A "monster fatberg," consisting of everything that shouldn't have been flushed down a toilet or poured down a sink, has been discovered in Devon, England.
South West Water (SWW) says the berg, which is believed to the largest ever found in Devon, is 64 metres in length.
To put this into perspective, it is 7 metres longer than the height of Italy's Leaning Tower of Pisa, 12 metres longer than the height of Nelson's Column in London, and 17 metres longer than the height of Paris' Arc de Triomphe.
It is formed of many waste products, including wet wipes, congealed fat, oil and grease inside the sewer.
And the removal process isn't expected to be simple.
"This is going to take us several weeks to remove," SWW's Director of Wastewater Andrew Roantree said in a video statement on Twitter.

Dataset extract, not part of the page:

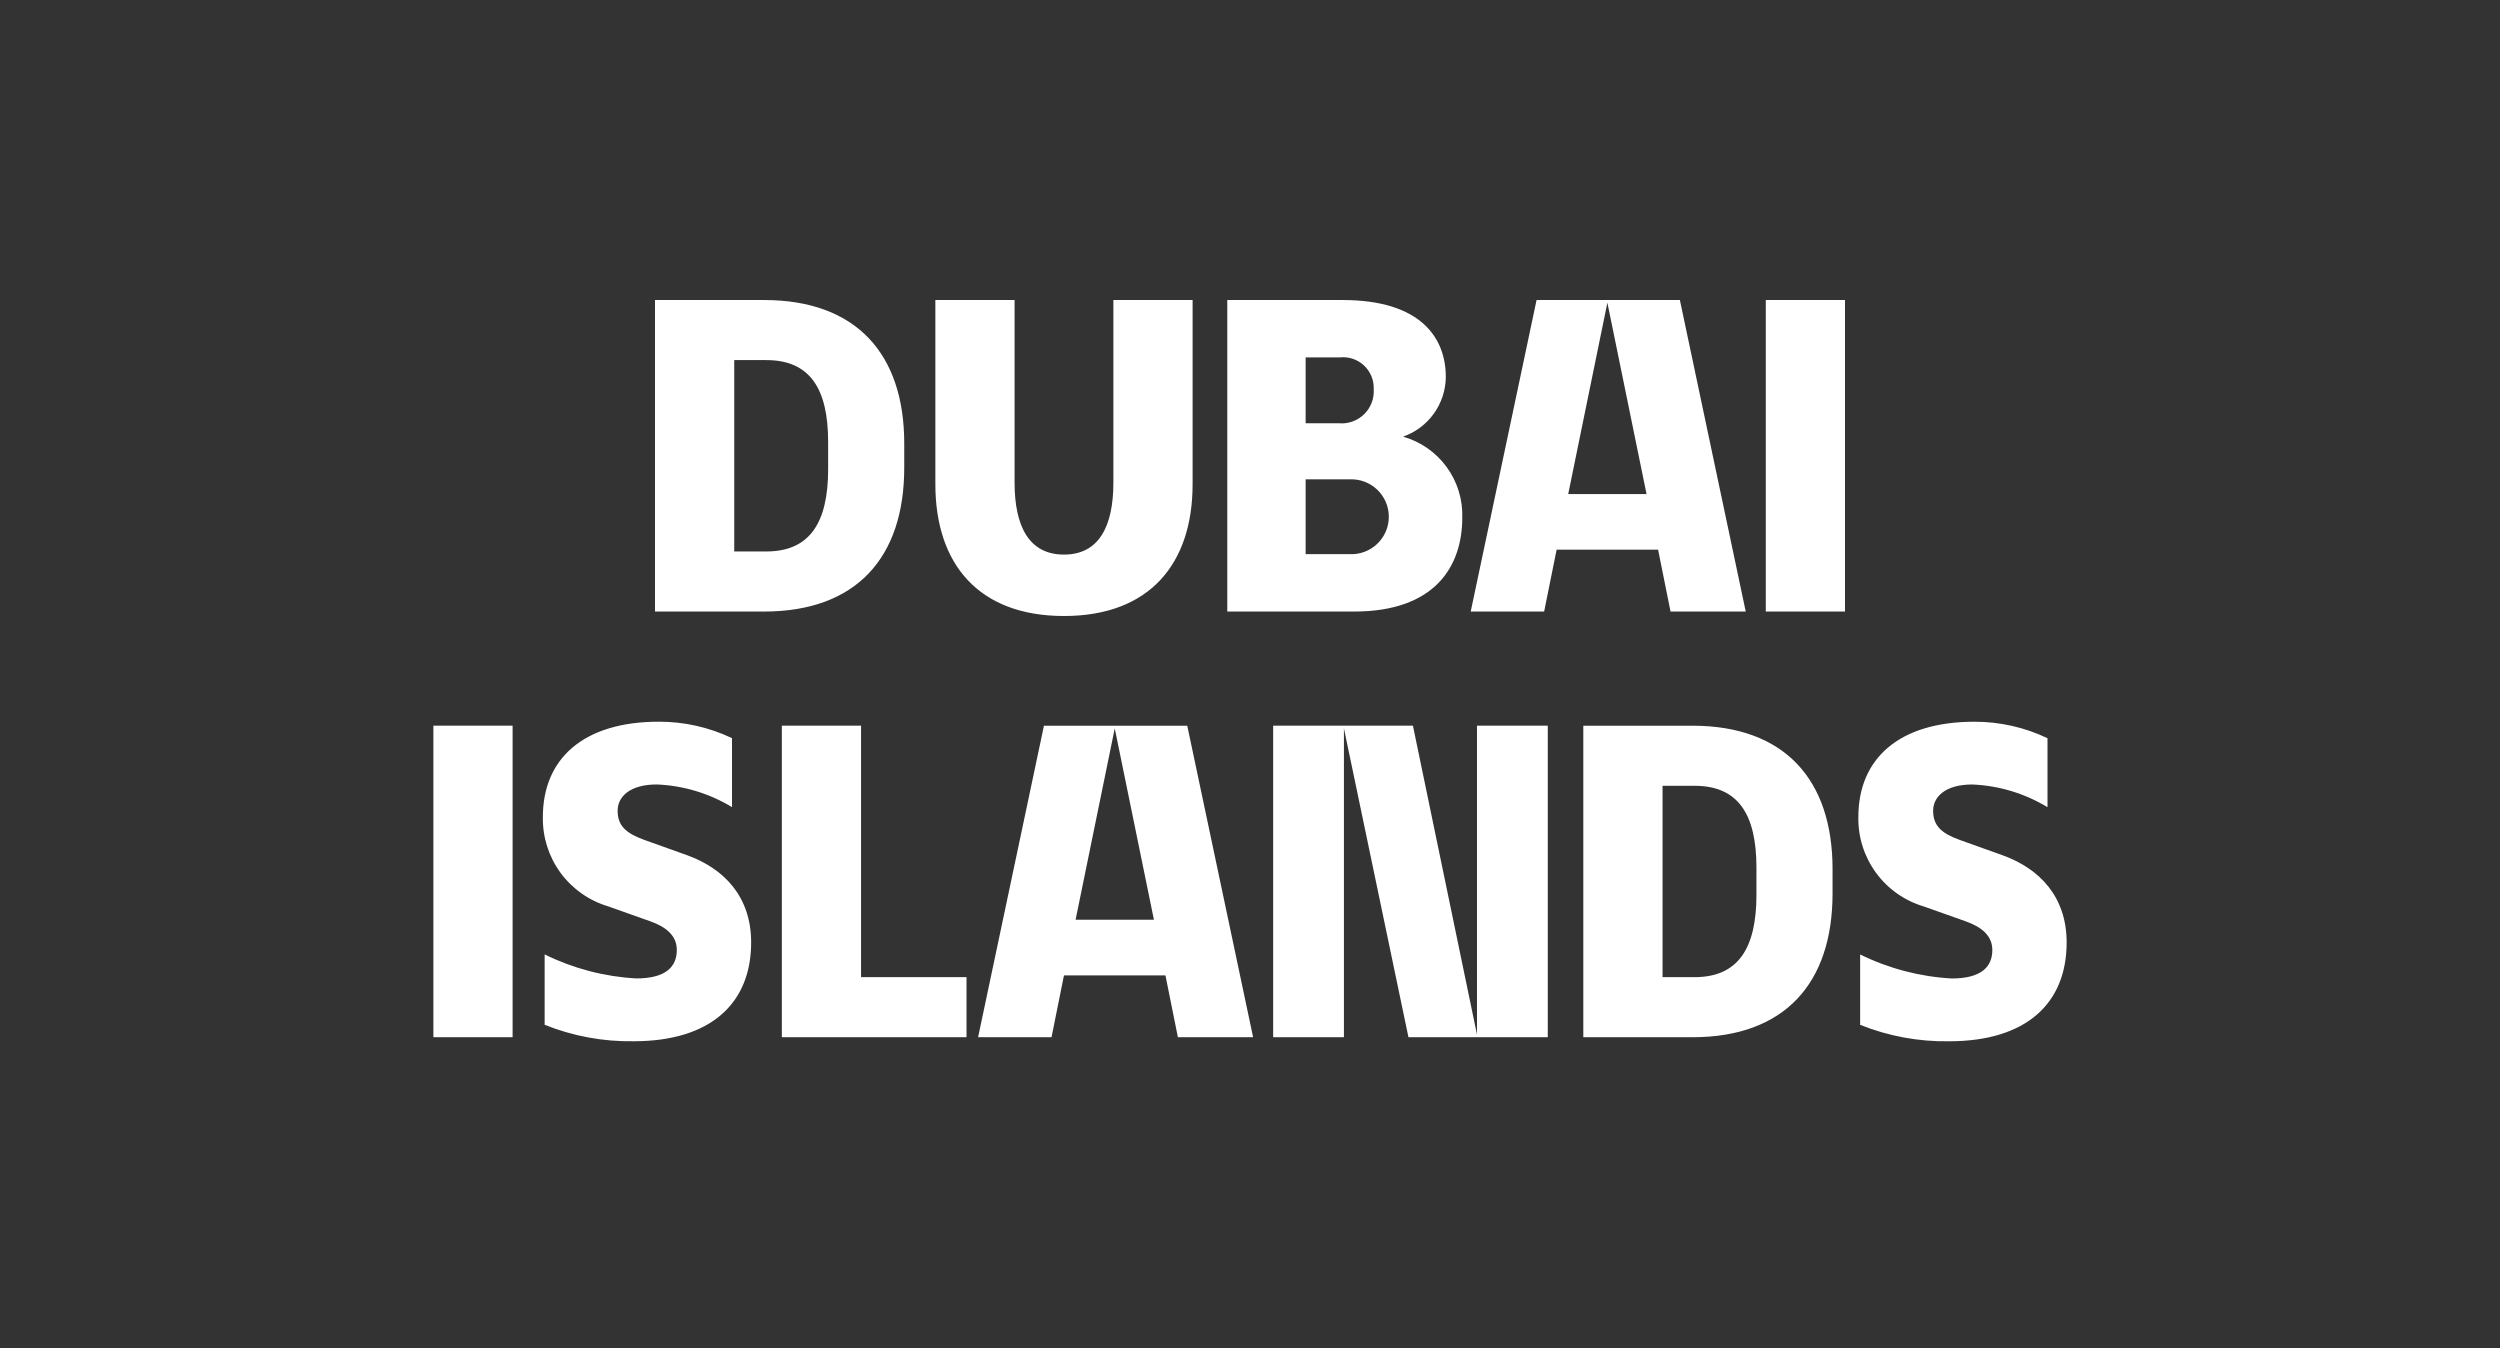 <svg xmlns="http://www.w3.org/2000/svg" width="102" height="55" viewBox="0 0 102 55" fill="none"><rect x="0" y="0" width="102" height="55" fill="#333333" stroke="none"/><g clip-path="url(#clip0_2272_55)"><path d="M20.914 42.318H17.682V29.607H20.914V42.318ZM22.221 41.809V38.94C23.389 39.516 24.662 39.849 25.962 39.92C27.16 39.92 27.614 39.448 27.614 38.758C27.614 38.177 27.179 37.814 26.507 37.58L24.818 36.981C24.035 36.749 23.35 36.266 22.867 35.607C22.385 34.947 22.133 34.148 22.149 33.331C22.149 30.971 23.781 29.445 26.888 29.445C27.918 29.444 28.936 29.673 29.866 30.117V32.931C28.938 32.369 27.882 32.05 26.797 32.006C25.689 32.006 25.199 32.514 25.199 33.077C25.199 33.694 25.544 34.003 26.307 34.275L28.032 34.892C29.539 35.436 30.647 36.581 30.647 38.452C30.647 40.939 28.994 42.483 25.853 42.483C24.61 42.503 23.375 42.275 22.221 41.811M35.131 39.868H39.434V42.319H31.899V29.607H35.131V39.868ZM48.44 29.609L51.127 42.319H48.058L47.55 39.795H43.41L42.902 42.319H39.906L42.593 29.609H48.44ZM47.08 37.525L45.482 29.718L43.884 37.525H47.08ZM63.149 42.319H57.465L54.832 29.717V42.319H51.945V29.607H57.647L60.261 42.21V29.607H63.149V42.319ZM64.599 29.609H69.049C72.825 29.609 74.768 31.824 74.768 35.457V36.454C74.768 40.104 72.825 42.319 69.049 42.319H64.599V29.609ZM69.139 39.868C70.918 39.868 71.663 38.689 71.663 36.509V35.401C71.663 33.222 70.918 32.06 69.139 32.06H67.832V39.868H69.139ZM75.894 41.811V38.942C77.062 39.517 78.334 39.851 79.634 39.922C80.832 39.922 81.287 39.45 81.287 38.76C81.287 38.179 80.851 37.816 80.179 37.582L78.49 36.983C77.707 36.751 77.022 36.268 76.54 35.608C76.058 34.949 75.805 34.15 75.821 33.333C75.821 30.973 77.453 29.447 80.56 29.447C81.59 29.445 82.608 29.675 83.538 30.119V32.933C82.609 32.371 81.554 32.052 80.469 32.007C79.362 32.007 78.872 32.516 78.872 33.079C78.872 33.696 79.216 34.005 79.979 34.277L81.704 34.894C83.211 35.438 84.319 36.583 84.319 38.453C84.319 40.941 82.667 42.484 79.525 42.484C78.282 42.505 77.047 42.276 75.894 41.813M26.724 12.241H31.173C34.95 12.241 36.893 14.456 36.893 18.089V19.086C36.893 22.735 34.95 24.951 31.173 24.951H26.724V12.241ZM31.264 22.5C33.044 22.5 33.788 21.321 33.788 19.141V18.033C33.788 15.854 33.044 14.692 31.264 14.692H29.957V22.5H31.264ZM45.426 19.686V12.241H48.658V19.758C48.658 23.008 46.897 25.133 43.411 25.133C39.925 25.133 38.163 23.008 38.163 19.758V12.241H41.395V19.686C41.395 21.465 41.976 22.627 43.411 22.627C44.845 22.627 45.426 21.465 45.426 19.686ZM58.989 15.382C58.984 15.918 58.814 16.439 58.502 16.874C58.19 17.309 57.752 17.638 57.246 17.815C57.959 18.018 58.584 18.454 59.022 19.052C59.459 19.651 59.684 20.379 59.661 21.12C59.661 23.081 58.573 24.951 55.248 24.951H50.073V12.241H54.776C57.99 12.241 58.989 13.803 58.989 15.382ZM54.631 17.27C54.819 17.286 55.009 17.261 55.187 17.196C55.364 17.132 55.526 17.03 55.66 16.897C55.795 16.764 55.899 16.604 55.966 16.427C56.033 16.25 56.06 16.061 56.047 15.872C56.054 15.692 56.022 15.512 55.952 15.345C55.883 15.178 55.778 15.028 55.645 14.906C55.512 14.783 55.354 14.691 55.182 14.635C55.011 14.58 54.829 14.562 54.649 14.583H53.27V17.27H54.631ZM55.049 22.609C55.256 22.621 55.464 22.59 55.66 22.519C55.855 22.448 56.034 22.337 56.185 22.194C56.336 22.052 56.456 21.879 56.539 21.688C56.621 21.497 56.664 21.292 56.664 21.084C56.664 20.876 56.621 20.67 56.539 20.479C56.456 20.288 56.336 20.116 56.185 19.973C56.034 19.83 55.855 19.72 55.66 19.648C55.464 19.577 55.256 19.547 55.049 19.558H53.27V22.609H55.049ZM68.539 12.241L71.226 24.951H68.158L67.65 22.427H63.51L63.001 24.951H60.005L62.692 12.241H68.539ZM67.179 20.158L65.581 12.35L63.983 20.158H67.179ZM75.276 24.951H72.044V12.241H75.276V24.951Z" fill="white"></path></g><defs><clipPath id="clip0_2272_55"><rect width="102" height="54.4" fill="white"></rect></clipPath></defs></svg>

"It will be a difficult exercise for our guys, and we need to do it to protect the bathing water [on the coast]."
Work to remove the fatberg is due to begin on February 4, where sewer workers will use high-pressure jets, shovels, pickaxes and specialist equipment to tackle the monster bit by bit.
These sewer blockages costs customers £4.5 million a year," South West Water warned.
"Every time a wet wipe is flushed or oil poured down the drain, there is a risk these items could cause sewer blockages. This is extremely unpleasant and could happen in your own home."
However, Devon's discovery is still no match for the enormous 250 metre-long fatberg found in London's sewer system in 2017.
Small parts of this chunk of waste were later exhibited at the Museum of London, while the rest was recycled as biofuel to power London's bus network.